Join the best erotica focused adult social network now
Login

Germs and stuff

last reply
35 replies
4.0k views
0 watchers
0 likes
Lurker
0 likes
Do you think we have become a society where we are afraid of germs and cross contaminations??

And I am not referencing cold season or H1N1.

What I am referring to is this: I have just made a simple hamburger dinner, with most fixings .... and I must have washed (with soap and hotwater) my hands at least 20 times! no lie!! After handling the cracked egg, after unwrapping the meat, before crushing the croutons, etc .... you get my drift. (No wonder I go thru so much damn liquid soap in the kitchen!)

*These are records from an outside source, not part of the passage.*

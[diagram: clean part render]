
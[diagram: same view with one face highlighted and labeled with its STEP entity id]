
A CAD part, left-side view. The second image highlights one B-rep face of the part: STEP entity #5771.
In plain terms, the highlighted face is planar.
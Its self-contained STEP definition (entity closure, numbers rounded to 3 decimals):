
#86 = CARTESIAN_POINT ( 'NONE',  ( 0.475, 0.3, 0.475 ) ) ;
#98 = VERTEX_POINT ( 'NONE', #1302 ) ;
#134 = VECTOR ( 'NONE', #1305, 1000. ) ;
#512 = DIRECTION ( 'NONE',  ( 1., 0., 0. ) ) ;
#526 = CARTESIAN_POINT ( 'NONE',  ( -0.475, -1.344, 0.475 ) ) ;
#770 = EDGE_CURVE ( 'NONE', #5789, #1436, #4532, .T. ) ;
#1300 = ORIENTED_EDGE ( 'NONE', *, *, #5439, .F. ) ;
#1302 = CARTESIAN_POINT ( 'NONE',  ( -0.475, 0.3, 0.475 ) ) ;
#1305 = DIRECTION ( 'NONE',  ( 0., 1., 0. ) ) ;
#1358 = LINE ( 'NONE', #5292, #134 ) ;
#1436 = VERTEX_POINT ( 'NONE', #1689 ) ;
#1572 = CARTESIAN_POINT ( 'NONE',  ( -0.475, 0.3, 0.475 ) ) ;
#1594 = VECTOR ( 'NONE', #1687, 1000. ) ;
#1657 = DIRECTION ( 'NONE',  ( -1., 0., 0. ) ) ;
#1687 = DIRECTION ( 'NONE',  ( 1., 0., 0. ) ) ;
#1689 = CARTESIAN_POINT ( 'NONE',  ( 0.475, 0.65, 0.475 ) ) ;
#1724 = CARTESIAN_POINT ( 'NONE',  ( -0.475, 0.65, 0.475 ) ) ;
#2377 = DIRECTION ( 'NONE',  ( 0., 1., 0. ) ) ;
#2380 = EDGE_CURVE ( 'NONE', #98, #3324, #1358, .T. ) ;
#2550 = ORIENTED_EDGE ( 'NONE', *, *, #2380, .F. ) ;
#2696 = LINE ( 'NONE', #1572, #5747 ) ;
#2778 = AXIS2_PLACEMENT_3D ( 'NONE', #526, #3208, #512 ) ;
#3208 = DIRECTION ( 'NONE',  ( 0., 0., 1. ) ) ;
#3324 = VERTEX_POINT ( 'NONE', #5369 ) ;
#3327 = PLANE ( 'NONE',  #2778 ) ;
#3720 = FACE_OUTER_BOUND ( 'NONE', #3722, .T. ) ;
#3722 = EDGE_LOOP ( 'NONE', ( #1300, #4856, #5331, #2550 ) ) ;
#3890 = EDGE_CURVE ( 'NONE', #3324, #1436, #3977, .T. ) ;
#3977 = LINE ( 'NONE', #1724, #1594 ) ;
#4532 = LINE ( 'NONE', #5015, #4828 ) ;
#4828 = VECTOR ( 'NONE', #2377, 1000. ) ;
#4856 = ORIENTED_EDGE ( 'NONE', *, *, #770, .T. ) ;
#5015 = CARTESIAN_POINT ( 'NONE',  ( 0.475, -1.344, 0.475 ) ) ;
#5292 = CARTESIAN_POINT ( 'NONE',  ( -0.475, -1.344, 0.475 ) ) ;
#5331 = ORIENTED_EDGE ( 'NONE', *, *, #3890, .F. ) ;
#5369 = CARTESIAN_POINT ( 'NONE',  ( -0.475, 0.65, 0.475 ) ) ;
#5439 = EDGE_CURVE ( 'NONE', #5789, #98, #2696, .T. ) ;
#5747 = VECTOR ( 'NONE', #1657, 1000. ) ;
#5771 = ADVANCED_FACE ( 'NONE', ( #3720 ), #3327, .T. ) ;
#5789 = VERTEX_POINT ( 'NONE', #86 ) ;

When I grew up - and it wasn't the Depression time or remotely close (and obviously, my siblings and I never died) .... my mom wouldn't have dreamed of doing what I just did in the kitchen, and she was a nurse!!

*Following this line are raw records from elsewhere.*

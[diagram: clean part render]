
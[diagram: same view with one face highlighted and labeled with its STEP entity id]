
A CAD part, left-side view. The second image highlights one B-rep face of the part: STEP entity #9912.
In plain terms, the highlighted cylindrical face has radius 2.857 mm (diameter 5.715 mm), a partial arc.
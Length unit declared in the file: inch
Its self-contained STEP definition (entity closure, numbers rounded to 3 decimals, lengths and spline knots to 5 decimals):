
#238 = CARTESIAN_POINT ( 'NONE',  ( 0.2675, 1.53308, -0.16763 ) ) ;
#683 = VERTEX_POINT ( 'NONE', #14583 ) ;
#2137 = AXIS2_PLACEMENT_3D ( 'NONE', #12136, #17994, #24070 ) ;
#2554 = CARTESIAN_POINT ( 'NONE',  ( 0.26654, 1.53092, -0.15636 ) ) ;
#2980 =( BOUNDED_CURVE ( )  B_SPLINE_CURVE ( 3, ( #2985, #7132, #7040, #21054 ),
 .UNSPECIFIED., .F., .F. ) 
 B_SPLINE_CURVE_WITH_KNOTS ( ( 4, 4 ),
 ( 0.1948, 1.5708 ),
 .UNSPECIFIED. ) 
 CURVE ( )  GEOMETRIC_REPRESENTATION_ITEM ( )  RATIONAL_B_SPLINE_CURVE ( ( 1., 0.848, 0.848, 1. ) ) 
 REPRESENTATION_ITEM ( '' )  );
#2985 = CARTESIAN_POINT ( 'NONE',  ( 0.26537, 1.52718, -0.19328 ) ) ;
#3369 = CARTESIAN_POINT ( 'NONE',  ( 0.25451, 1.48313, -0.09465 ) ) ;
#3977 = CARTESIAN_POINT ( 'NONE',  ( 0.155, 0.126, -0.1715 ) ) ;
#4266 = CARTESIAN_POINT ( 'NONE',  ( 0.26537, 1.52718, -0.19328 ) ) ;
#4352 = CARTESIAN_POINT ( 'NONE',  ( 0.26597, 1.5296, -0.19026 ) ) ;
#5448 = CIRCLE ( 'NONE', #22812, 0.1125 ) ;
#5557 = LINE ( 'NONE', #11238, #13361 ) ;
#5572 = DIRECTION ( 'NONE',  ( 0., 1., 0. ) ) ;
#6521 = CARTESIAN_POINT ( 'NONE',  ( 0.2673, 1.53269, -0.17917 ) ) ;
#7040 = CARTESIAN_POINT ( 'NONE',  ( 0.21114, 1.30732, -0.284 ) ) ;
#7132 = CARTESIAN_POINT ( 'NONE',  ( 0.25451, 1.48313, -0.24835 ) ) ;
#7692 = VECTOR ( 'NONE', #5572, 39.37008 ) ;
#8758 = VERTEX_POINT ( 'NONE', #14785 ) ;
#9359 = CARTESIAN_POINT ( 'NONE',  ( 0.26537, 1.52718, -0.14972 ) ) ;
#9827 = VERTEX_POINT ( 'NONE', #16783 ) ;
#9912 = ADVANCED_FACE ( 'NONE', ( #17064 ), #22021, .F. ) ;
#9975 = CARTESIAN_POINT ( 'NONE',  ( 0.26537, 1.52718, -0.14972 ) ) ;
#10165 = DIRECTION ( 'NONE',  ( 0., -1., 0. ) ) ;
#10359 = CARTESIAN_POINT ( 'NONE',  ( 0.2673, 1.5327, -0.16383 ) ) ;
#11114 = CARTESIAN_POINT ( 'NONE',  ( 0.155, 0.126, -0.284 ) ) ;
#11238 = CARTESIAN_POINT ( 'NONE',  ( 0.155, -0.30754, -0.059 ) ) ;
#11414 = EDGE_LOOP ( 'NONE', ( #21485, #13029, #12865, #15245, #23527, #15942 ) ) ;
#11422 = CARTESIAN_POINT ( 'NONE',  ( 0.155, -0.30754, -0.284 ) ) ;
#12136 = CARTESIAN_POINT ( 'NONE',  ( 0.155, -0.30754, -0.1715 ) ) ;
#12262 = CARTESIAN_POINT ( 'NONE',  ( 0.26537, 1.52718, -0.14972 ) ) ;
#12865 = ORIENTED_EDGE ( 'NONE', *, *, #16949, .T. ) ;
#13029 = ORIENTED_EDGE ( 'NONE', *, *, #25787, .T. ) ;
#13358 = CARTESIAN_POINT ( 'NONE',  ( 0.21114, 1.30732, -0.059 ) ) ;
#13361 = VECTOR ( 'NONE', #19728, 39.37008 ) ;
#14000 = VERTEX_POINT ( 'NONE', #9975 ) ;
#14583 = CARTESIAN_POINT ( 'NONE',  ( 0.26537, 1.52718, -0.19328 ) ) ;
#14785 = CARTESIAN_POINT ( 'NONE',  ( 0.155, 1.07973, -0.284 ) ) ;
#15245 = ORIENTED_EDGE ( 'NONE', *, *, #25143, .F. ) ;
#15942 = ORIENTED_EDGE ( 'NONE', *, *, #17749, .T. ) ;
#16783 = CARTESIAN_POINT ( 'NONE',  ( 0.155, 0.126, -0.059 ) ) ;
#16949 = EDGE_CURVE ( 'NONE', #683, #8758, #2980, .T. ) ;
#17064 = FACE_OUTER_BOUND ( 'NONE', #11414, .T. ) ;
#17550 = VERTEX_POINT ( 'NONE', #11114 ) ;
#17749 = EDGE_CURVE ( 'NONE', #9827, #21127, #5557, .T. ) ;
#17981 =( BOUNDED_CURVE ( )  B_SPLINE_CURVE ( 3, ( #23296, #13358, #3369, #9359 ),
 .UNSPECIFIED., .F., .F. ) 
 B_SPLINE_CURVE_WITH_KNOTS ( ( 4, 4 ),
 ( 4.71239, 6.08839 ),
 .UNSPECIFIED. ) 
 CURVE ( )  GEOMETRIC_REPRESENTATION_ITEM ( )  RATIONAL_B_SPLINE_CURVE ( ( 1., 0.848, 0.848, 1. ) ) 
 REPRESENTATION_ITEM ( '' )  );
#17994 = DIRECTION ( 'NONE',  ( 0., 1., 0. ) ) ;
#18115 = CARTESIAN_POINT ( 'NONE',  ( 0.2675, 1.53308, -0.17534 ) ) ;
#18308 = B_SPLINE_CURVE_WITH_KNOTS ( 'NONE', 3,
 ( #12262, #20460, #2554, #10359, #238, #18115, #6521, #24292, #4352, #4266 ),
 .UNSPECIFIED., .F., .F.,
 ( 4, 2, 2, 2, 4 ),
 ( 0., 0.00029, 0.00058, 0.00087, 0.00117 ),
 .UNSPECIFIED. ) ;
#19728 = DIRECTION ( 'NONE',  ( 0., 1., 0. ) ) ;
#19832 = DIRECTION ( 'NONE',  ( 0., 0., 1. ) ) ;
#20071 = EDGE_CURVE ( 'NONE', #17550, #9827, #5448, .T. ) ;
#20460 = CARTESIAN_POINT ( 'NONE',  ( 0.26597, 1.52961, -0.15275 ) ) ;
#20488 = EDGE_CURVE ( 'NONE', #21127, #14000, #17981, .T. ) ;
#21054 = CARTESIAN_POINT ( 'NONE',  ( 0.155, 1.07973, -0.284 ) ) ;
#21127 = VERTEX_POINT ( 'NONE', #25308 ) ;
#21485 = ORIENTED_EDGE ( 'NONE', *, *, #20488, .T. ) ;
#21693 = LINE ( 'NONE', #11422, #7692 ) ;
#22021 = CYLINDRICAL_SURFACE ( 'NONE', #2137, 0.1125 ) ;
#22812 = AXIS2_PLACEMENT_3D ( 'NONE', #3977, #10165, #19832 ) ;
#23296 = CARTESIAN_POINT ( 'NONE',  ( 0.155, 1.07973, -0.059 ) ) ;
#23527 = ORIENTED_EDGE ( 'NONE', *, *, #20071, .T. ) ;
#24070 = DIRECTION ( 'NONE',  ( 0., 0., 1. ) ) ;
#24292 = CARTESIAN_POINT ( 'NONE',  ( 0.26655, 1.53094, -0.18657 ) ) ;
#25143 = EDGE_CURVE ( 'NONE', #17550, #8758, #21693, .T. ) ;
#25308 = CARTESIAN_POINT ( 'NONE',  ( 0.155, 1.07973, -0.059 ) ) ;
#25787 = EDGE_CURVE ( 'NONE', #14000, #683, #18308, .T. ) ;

So .... have we become overly clean do you think? or maybe that isn't the right question .... but I can't be the only one who does this ....

Is it the brainwash of the media/advertising guys, or the health people or what? Who is winning? Maybe I am rambling - but man, I have clean hands!!

Van
Active Ink Slinger
0 likes
Germs can kill you, I believe that, so I don't think it's just a media brainwash. But at the same time, I think we as a society are weakening our immune systems. If we use anti-bacterial soap, and anti-bacterial wipes after everything, our bodies will lose their ability to fight bacteria, and we will be more susceptible to germs. Also, with greater exposure to anti-bacterial sprays, etc, the bacteria develops resistances and becomes stronger as well. When I cook just for myself I am not very worried about cross contamination, but I do respect others, so I am far more careful when someone else will be eating the food too. I've used the same bowl to mix my eggs and milk as I used to have my cooked scrambled eggs in later. And that didn't make me sick. Maybe I get lucky, but I continue to believe that my immune system is better for me not being quite so careful.
Active Ink Slinger
0 likes
Van, I'm a total germaphobe. I wash my hands with soap and scolding water every time I enter my house. I have bottles of Purell on every room. And I wash my hands after I "handle" my own children. My husband makes fun of me all the time, but you know what: I get sick less often than he does.
Lollipop Girl
0 likes
I am almost always washing my hands, or im sanitizing them. I get sick very easy so i try not to touch a lot of things if i can help it...Its hell at work because of working in retail, but im still always sanitizing and then i put lotion on cause my hands get so dried out..arh!
"Haters make me FAMOUS!!!"



Sassy
Active Ink Slinger
0 likes
the majority of sewer systems eventually return to rivers or lakes after being cleaned. A lot of the chemicals from our soaps end up in those rivers and lakes. I'm not saying to never wash up but that we should avoid the needless over washing when possible. Just a thought.
Thousands of user submitted stories removed from the site. You are nothing without your users or their freely submitted stories.
Matriarch
0 likes
More than a few!

Rodents, piles of manure, uncaged birds and flies too numerous to count were found by investigators at Iowa farms at the heart of the recall of more than half a billion eggs, the Food and Drug Administration reported Monday.
Active Ink Slinger
0 likes
Reminder...The Manila waste dump is home to thousands....Be content with what you have....
Active Ink Slinger
0 likes
I saw a couple of bugs in my noodles the other day and just flicked them out and kept eating. Just protein. But I am a vegetarian so thought I would let the little critters live.
Matriarch
0 likes
Quote by rxtales
I saw a couple of bugs in my noodles the other day and just flicked them out and kept eating. Just protein. But I am a vegetarian so thought I would let the little critters live.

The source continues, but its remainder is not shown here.